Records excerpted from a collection
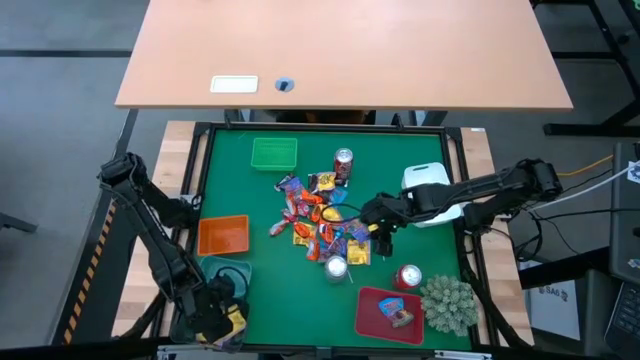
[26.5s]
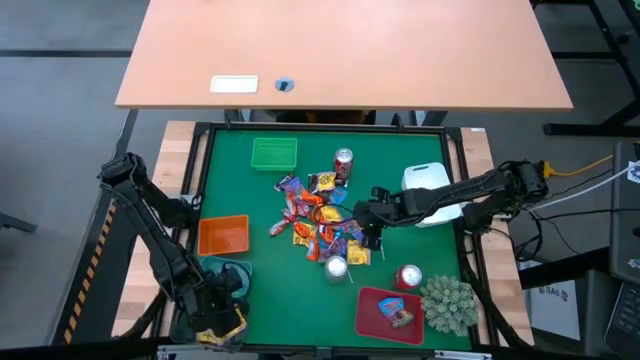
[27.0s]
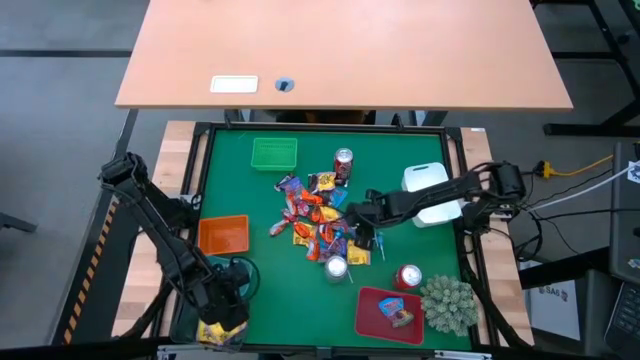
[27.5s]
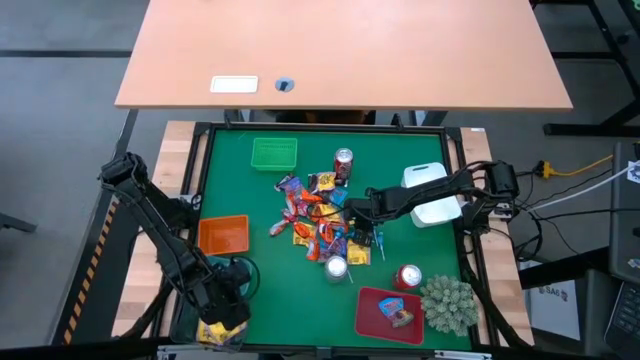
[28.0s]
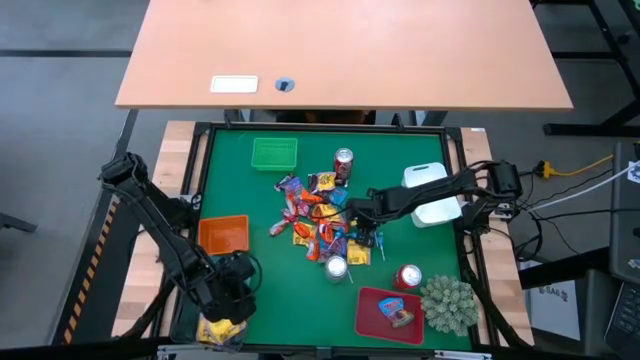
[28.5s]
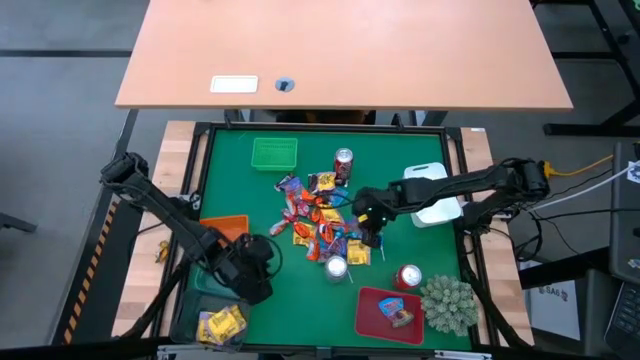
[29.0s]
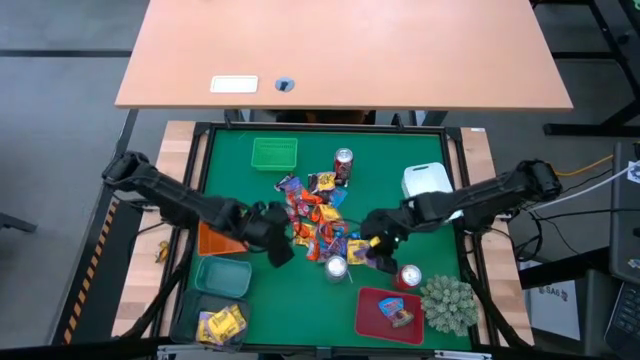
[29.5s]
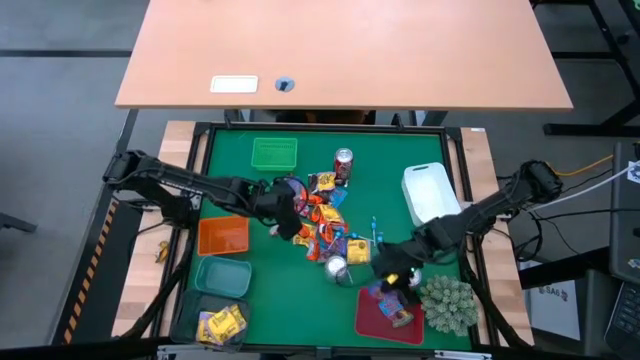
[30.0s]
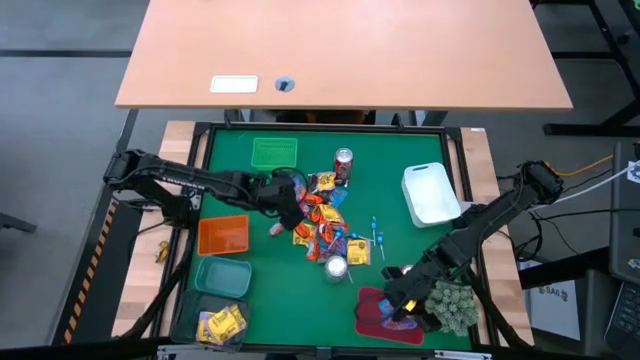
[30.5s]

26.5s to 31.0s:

◆ **Task to complete**
Without copying the pictures, transcribe the entries exactly.

◆ **Exercise output**
[26.5s]
[27.0s]
[27.5s]
[28.0s]
[28.5s]
[29.0s]
[29.5s]
[30.0s]
[30.5s]

26.5s to 31.0s:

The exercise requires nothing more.